PROMPT -
Print all of the data below exactly as it appears, leaving out every image.
**** DATA SUPPLIED ****
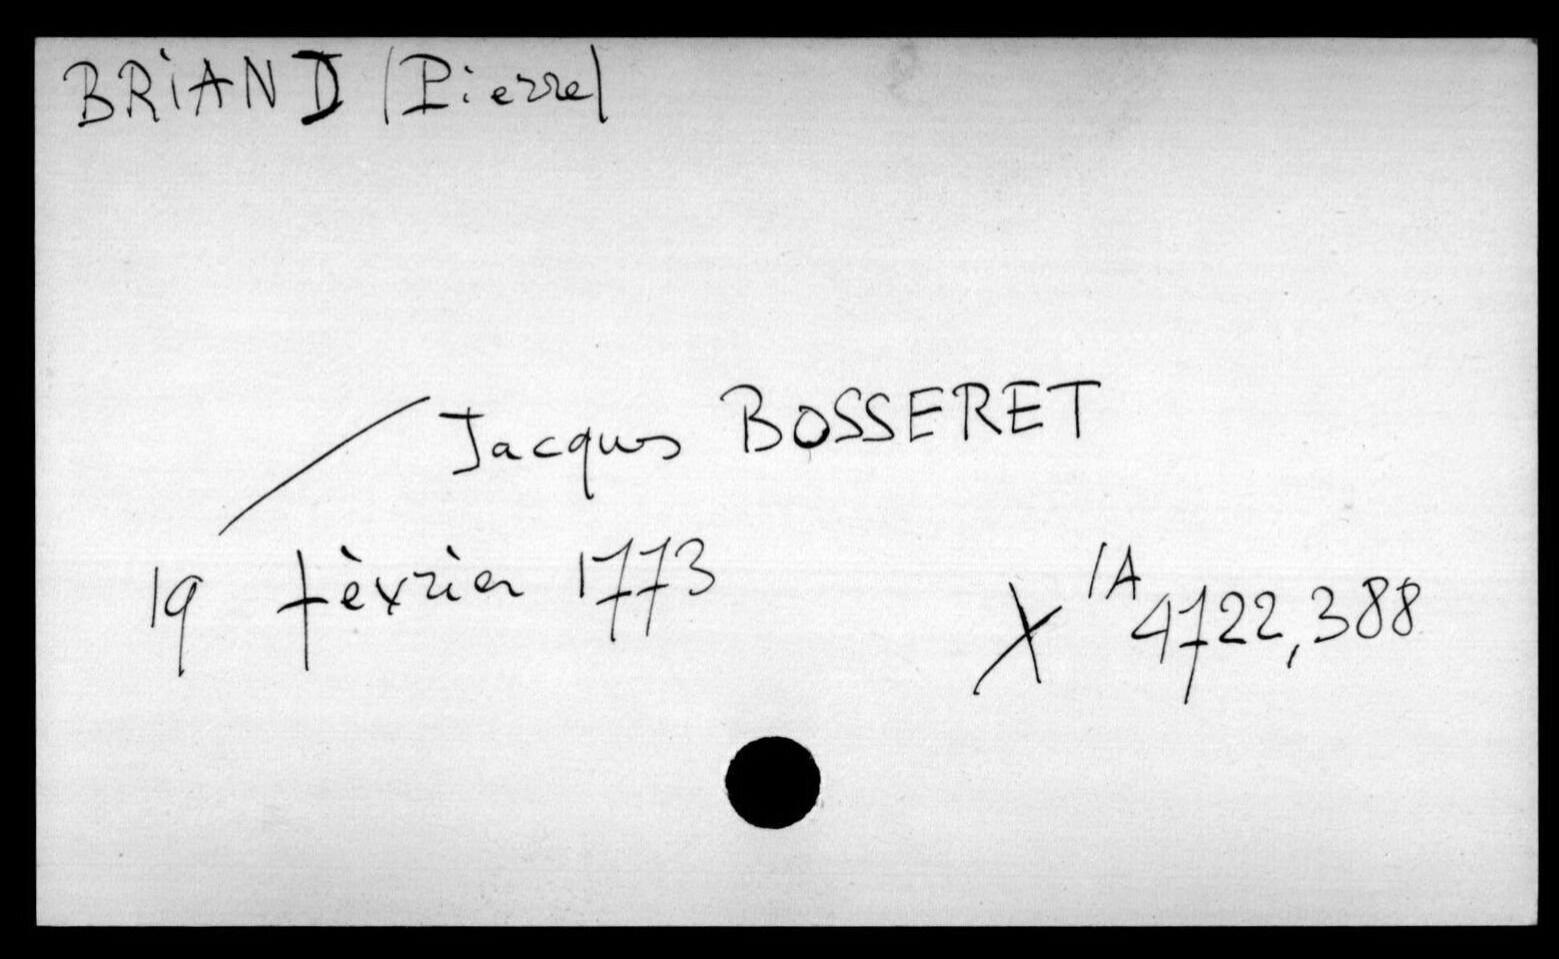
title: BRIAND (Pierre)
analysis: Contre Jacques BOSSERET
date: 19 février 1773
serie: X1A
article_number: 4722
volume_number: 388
****
EXERCISE SOLUTION -
title: BRIAND (Pierre)
analysis: Contre Jacques BOSSERET
date: 19 février 1773
serie: X1A
article_number: 4722
volume_number: 388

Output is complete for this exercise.